Similar dyes are obtained if instead of α-amino-5-benzoylaminoanthraquinone a -amino - 5 -p - chlorobenzoylaminoanthraquinone, a-amino-5-m-methoxybenzoylaminoanthraquinone, α-amino-5-naphthoylaminoanthraquinone or such aminoaroylaminoanthraquinones; in where the aroyl residue is, for example, the residue of a quinoline carboxylic acid, diphenyl carboxylic acid, Anthraquinone carboxylic acid, anthraquinone benzacridone or naphthacridone carboxylic acid, Anthrapyridonecarboxylic acid, anthrapyrimidonecarboxylic acid, anthraquinone thioxanthoneic acid or gb.iazolanthroncarboxylic acid, or instead of p-methoxy phenyl-4, 6-dichloro-a, 3, 5-tri- "ä0'A the o- or m-methoxy- or the o-, m- @ or p-ethoxyphenyl-a, 3, 5-triazine used. If the a-amino-5-benzoylaminoanthraquinone is replaced by a- or 2-aminoanthraquinone, pure yellow coloring compounds are obtained. With α-amino-4-benzoylaminoanthraquinone or α-amino-4-methoxyanthraquinone, dyes are obtained which dye cotton red.

Example 3 A mixture of ao2 parts of a-amino-4-benzoylaminoanthraquinone, 40 parts of 2-p-chlorophenyl-4, 6-dichloro-a, 3, 5-triazine and 800 parts of nitrobenzene is slowly heated to 120 ° while stirring. The mixture is then so long at a2o ° stirred until no more hydrogen chloride escapes. Then it is allowed to cool, sucked off and washed with methanol. The dye comes in the form of beautiful red needles won. Clear, yellowish-tinged red dyeings of excellent quality are thus obtained on cotton Authenticity.
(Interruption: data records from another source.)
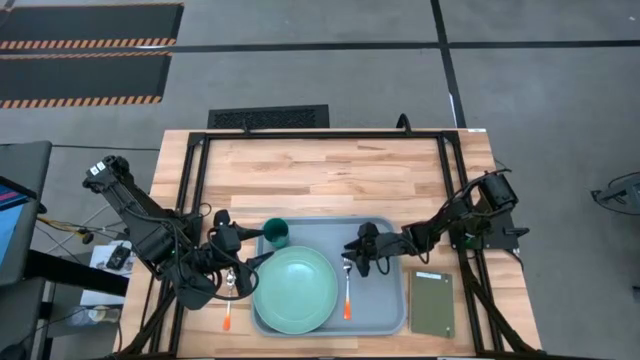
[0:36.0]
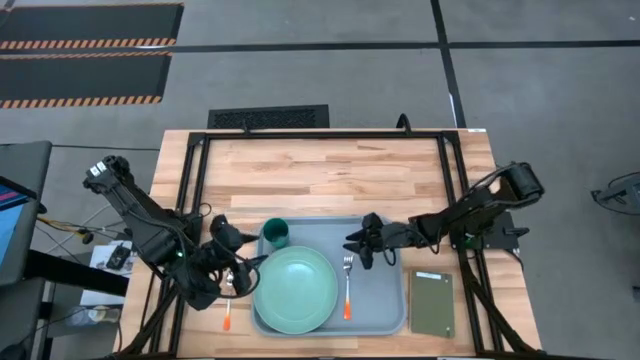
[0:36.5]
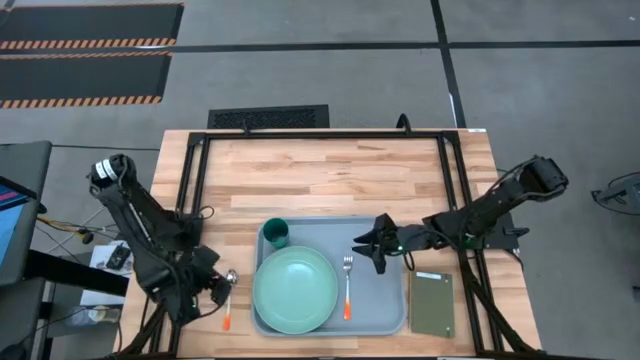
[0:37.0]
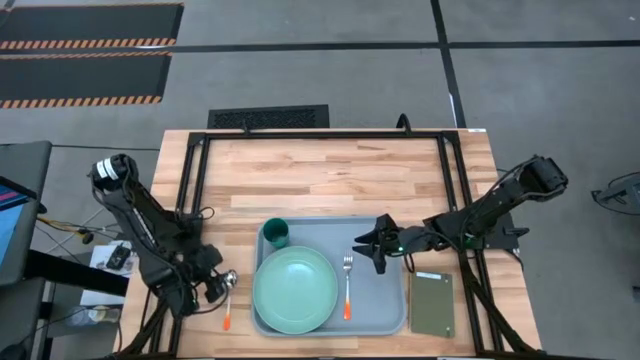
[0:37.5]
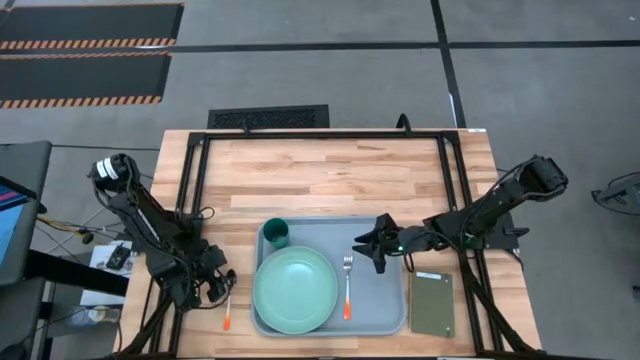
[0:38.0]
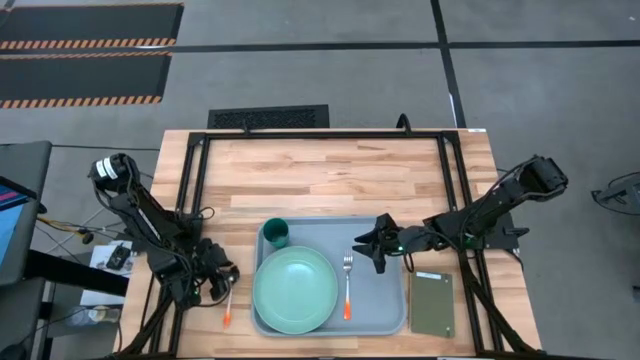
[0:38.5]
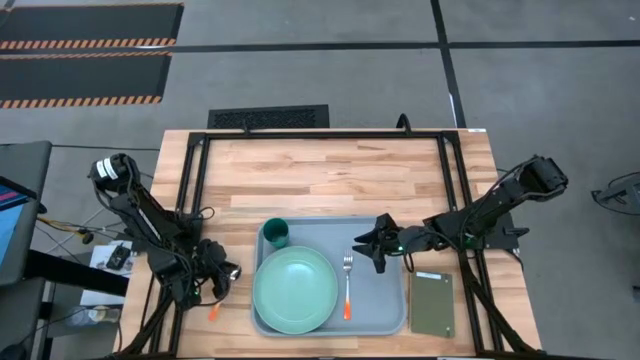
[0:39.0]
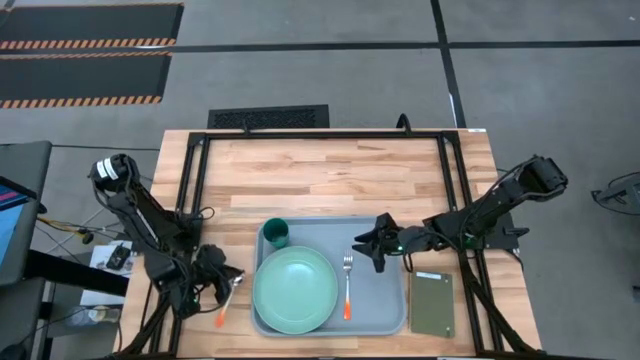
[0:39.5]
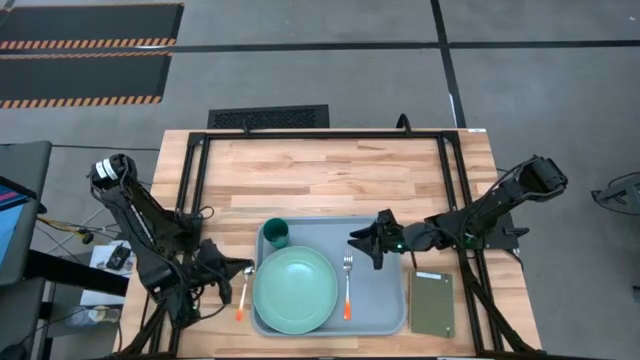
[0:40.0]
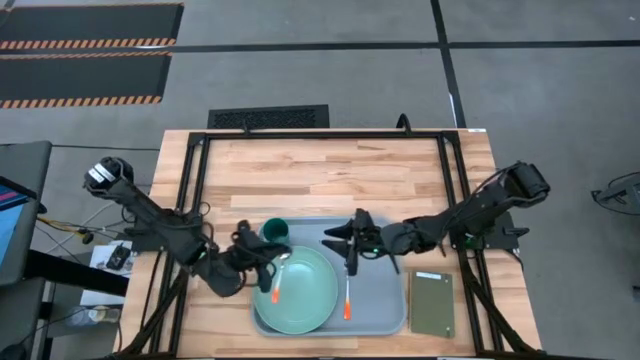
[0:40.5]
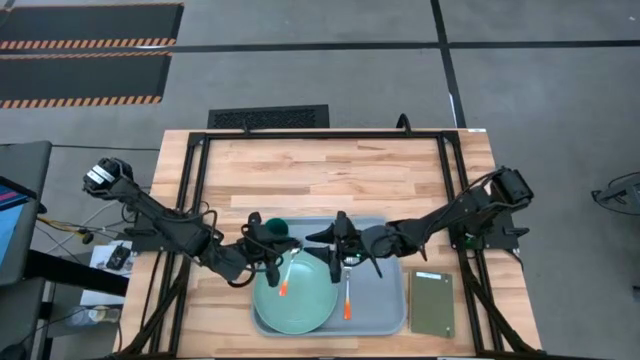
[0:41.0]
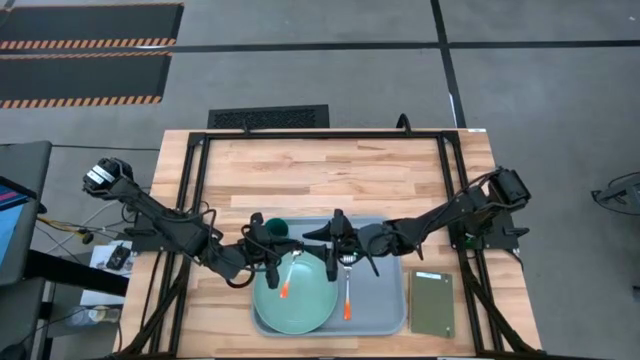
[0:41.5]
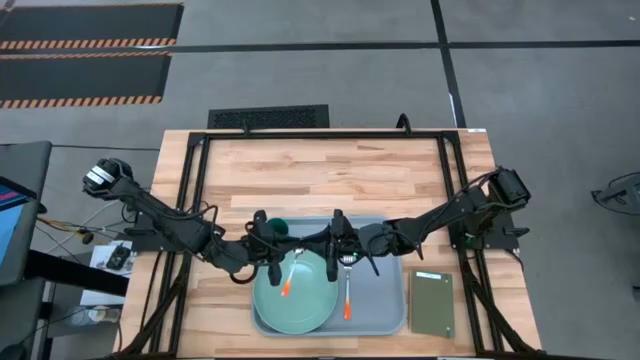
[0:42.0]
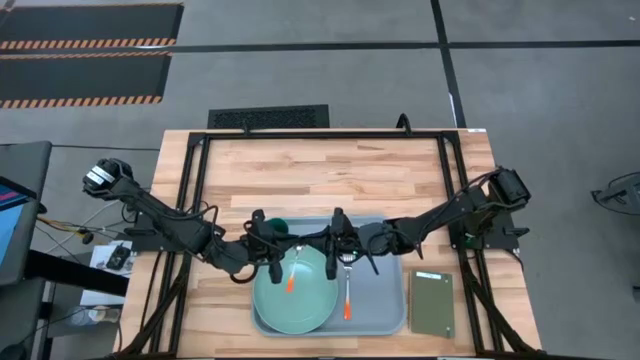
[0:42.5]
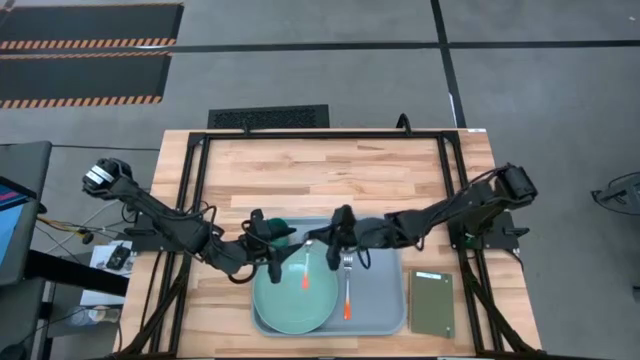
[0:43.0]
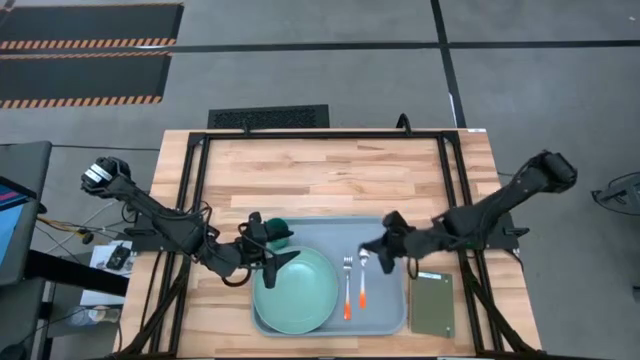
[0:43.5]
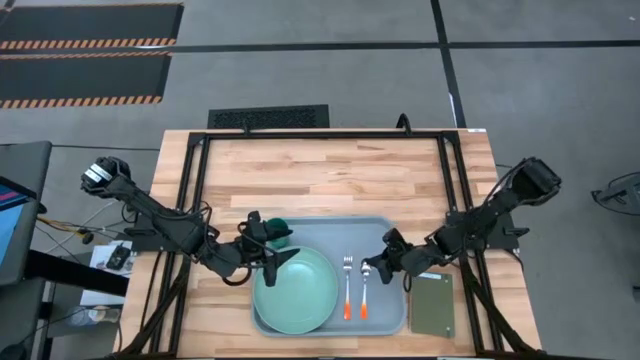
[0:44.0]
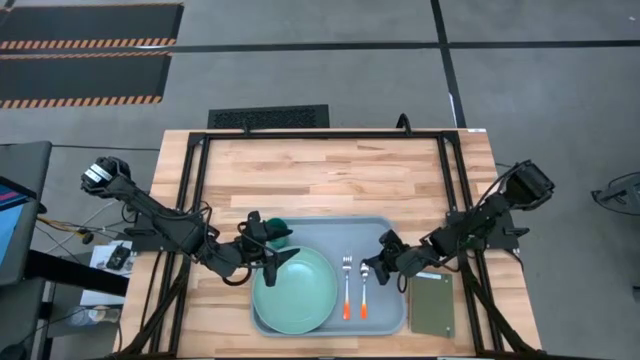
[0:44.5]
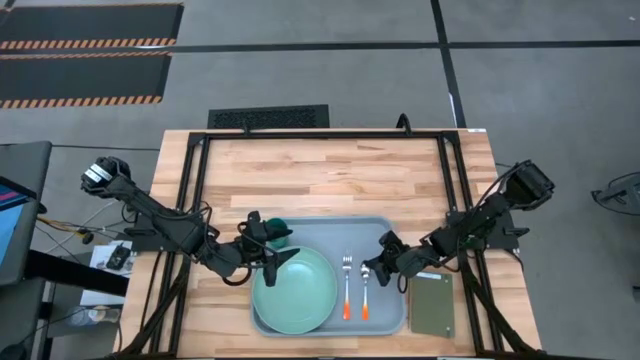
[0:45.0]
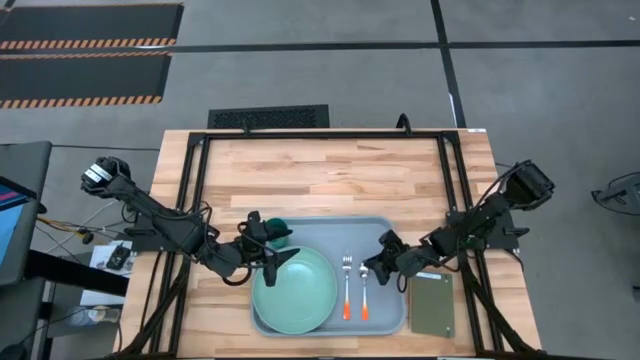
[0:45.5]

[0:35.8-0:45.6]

Similar dyes are obtained if you replace the 2-p-chlorophenyl-4, 6-dichlora, 3, 5-triazines other 2-mono- or polyhaloaryl-4, «6-dichloro-a, 3, 5-triazines, instead of α-amino-4-benzoylaminoanthraquinone a-amino-4 - p - chlorbenzoylaminoanthraquinones, a-amino-4-o-tolylaminoanthraquinone 'a-amino-4-p-ethoxybenzoylaminoanthraquinone, a -Amino-4-naphthoylaminoanthraquinone or those Aminoaroylaminoanthraquinones used, in which the aroyl residue is, for example, the residue of a quinoline carboxylic acid, diphenyl carboxylic acid, Anthraquinone carboxylic acid, anthraquinone benzacridone or naphthacridone carboxylic acid, Anthrapyridonecarboxylic acid, anthrapyrimidonecarboxylic acid, anthraquinone thioxanthoneic acid or thiazolanthronecarboxylic acid. The carboxylic acids mentioned can also be any Contain atoms or groups of atoms in place of hydrogen. Example 4 A slurry of 51 parts of a-amino-4-benzoylaminoanthraquinone, 5 parts of a-amino-5-benzoylaminoanthraquinone, 40 parts of 2-p-chlorophenyl-4, 6-dichloro-a, 3, 5-triazine in 800 parts of nitrobenzene is heated to a2o ° with stirring until no more hydrogen chloride escapes. It is then allowed to cool, filtered off with suction, washed with methanol and dried. The received Dye gives cotton a yellowish tinge. Receives similar dyes if you replace i-amino-5-benzoylaminoanthraquinone and i-amino-q.-benzoylaminoanthraquinone other i-amino-5- or q.-aroylaminoanthraquinones used in which the aroyl radical for example the remainder of a benzoic acid, naphthoic acid, quinoline carboxylic acid, diphenyl carboxylic acid, Anthraquinone carboxylic acid, anthraquinone benzacridone or anthraquinone naphthacridone carboxylic acid, ' A # ithrapyridonecarboxylic acid, anthrapyrimidonecarboxylic acid, anthraquinone thioxanthonecarboxylic acid or tliiazolanthronecarboxylic acid. More yellowish dyes are obtained if instead of i-amino-5-benzoylaminoanthraquinone i- or a-aminoanthraquinone, yellow to orange-yellow dyes, if one uses instead of i-amino-q.-benzoylaminoanthraquinone i- or z-aminoanthraquinone used.

Claims (1)

PATENT CLAIM: Process for the production of vat dyes Anthraquinone series, characterized in that one monoaryldihalogen-i, 3, 5-triazines, which are substituted in the aryl nucleus with aminoanthraquinones, their nucleus substitution products or their descendants are converted at elevated temperature.